Miguel Cabrera Should Have Won That Silver Slugger, Dammit

Caring about Silver Sluggers and Golden Gloves is stupid. Every year, these awards are announced and there are a lot of bad choices and nerds get all mad and it becomes more and more apparent that the managers and coaches that vote for these things really don’t know what they’re talking about and/or are really susceptible victims to popular narratives. It’s ironic, I guess. So now that we’ve established that caring about these awards is stupid and it’s a total waste of time to worry one little bit about them, allow me to highlight one particular instance of bad voting.

Really, for the most part it seems like they kind of got this Silver Slugger stuff mostly right. You could quibble and make arguments for Miguel Montero, Yadier Molina, Lance Berkman*, Jhonny Peralta (honestly what kind of spelling is that), and maybe even Dustin Pedroia—but let’s not freak out about any of those and save our soon-to-be misplaced energy for this one: Adrian Gonzales over Miguel Cabrera. Allow me to put on my math visor and really dig deep for some super intense and in-depth statistical anlysis:

Adrian Gonzales: .338 / .410 / .548

Miguel Cabrera: .344 / .448 / .586

Adrian Gonzales: .406 wOBA, .210 ISO, 153 wRC+

Miguel Cabrera: .436 wOBA, .241 ISO, 177 wRC+

Adrian Gonzales: 27 HR, 108 Runs, 117 RBI

Miguel Cabrera: 30 HR, 111 Runs, 105 RBI

I hope you were able to keep up with all that complicated stuff. I almost confused myself there for a second. In no traditional, sabermetric, or other traditional sense did Gonzales hit better than Cabrera, and that’s fucking nuts, because Adrian Gonzales had a legitimately great year at the plate. Miguel Cabrera is just kind of a complete and total monster, is all. And he got robbed, in the to deprive of something due, expected, or desired and to withhold unjustly or injuriously sense of the word.

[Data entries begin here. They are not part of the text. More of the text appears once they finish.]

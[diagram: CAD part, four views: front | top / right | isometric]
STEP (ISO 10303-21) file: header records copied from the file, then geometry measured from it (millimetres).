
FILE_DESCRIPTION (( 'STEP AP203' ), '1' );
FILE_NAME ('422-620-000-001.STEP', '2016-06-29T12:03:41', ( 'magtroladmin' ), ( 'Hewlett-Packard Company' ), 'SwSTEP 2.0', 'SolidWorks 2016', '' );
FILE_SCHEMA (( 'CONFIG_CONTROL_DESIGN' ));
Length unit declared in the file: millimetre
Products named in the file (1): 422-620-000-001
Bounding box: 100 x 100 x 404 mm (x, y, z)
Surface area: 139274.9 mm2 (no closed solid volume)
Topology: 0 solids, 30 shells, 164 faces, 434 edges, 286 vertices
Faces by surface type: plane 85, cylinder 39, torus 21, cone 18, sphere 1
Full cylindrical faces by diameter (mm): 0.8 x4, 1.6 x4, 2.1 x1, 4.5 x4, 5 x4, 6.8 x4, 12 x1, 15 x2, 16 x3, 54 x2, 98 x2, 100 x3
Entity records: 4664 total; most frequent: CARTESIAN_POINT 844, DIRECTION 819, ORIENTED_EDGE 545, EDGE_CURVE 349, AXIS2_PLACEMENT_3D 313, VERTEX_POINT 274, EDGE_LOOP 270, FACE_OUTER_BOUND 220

As astounding as this may be, it probably came down to the RBI’s and the narrative of all that mythic Bostonian pressure. One of these guys played in the intense heat of a national pressure cooker and had two MVP candidates getting on base ahead of him all season, the other one didn’t. The coaches and managers assigned to voting for this award did a quick Google search, looked at which guy produced the most runs by mashing in the most taters in the most scariest of all possible places, and filled out their sheets. So that’s cool.

*Actually, you could probably make a really good and similar argument using the same complicated process as employed above. But it’s way too late for that now, isn’t it?